=== Dataset records ===
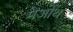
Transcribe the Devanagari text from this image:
मेओथ
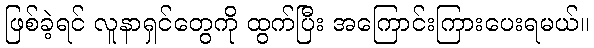
ဖြစ်ခဲ့ရင် လူနာရှင်တွေကို ထွက်ပြီး အကြောင်းကြားပေးရမယ်။
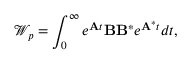
\mathcal { W } _ { p } = \int _ { 0 } ^ { \infty } e ^ { \mathbf { A } t } \mathbf { B } \mathbf { B } ^ { * } e ^ { \mathbf { A } ^ { * } t } d t ,
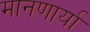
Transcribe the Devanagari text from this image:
मानणार्या
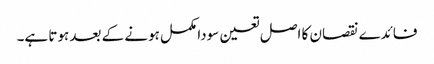
فائدے نقصان کا اصل تعین سودا مکمل ہونے کے بعد ہوتا ہے۔
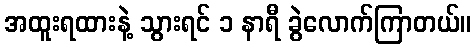
အထူးရထားနဲ့ သွားရင် ၁ နာရီ ခွဲလောက်ကြာတယ်။
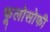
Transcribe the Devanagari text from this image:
फूलोसोफी
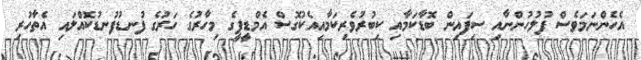
އެހެންނަމަވެސް ފުލުހުންނާއި ސިފައިން ބޮޑާކަމާއި ކިބުރުވެރިކަމާއިއެކުގޮސް އެމްޑީޕީގެ މިހާރުގެ ހަރުގެ ފުނޑުފުނޑުކޮއްލައި އެތާހުރި

=== What you are asked to do ===
Give the records again exactly, minus the pictures.

=== Written response ===
Transcribe the Devanagari text from this image:
मेओथ
ဖြစ်ခဲ့ရင် လူနာရှင်တွေကို ထွက်ပြီး အကြောင်းကြားပေးရမယ်။
\mathcal { W } _ { p } = \int _ { 0 } ^ { \infty } e ^ { \mathbf { A } t } \mathbf { B } \mathbf { B } ^ { * } e ^ { \mathbf { A } ^ { * } t } d t ,
Transcribe the Devanagari text from this image:
मानणार्या
فائدے نقصان کا اصل تعین سودا مکمل ہونے کے بعد ہوتا ہے۔
အထူးရထားနဲ့ သွားရင် ၁ နာရီ ခွဲလောက်ကြာတယ်။
Transcribe the Devanagari text from this image:
फूलोसोफी
އެހެންނަމަވެސް ފުލުހުންނާއި ސިފައިން ބޮޑާކަމާއި ކިބުރުވެރިކަމާއިއެކުގޮސް އެމްޑީޕީގެ މިހާރުގެ ހަރުގެ ފުނޑުފުނޑުކޮއްލައި އެތާހުރި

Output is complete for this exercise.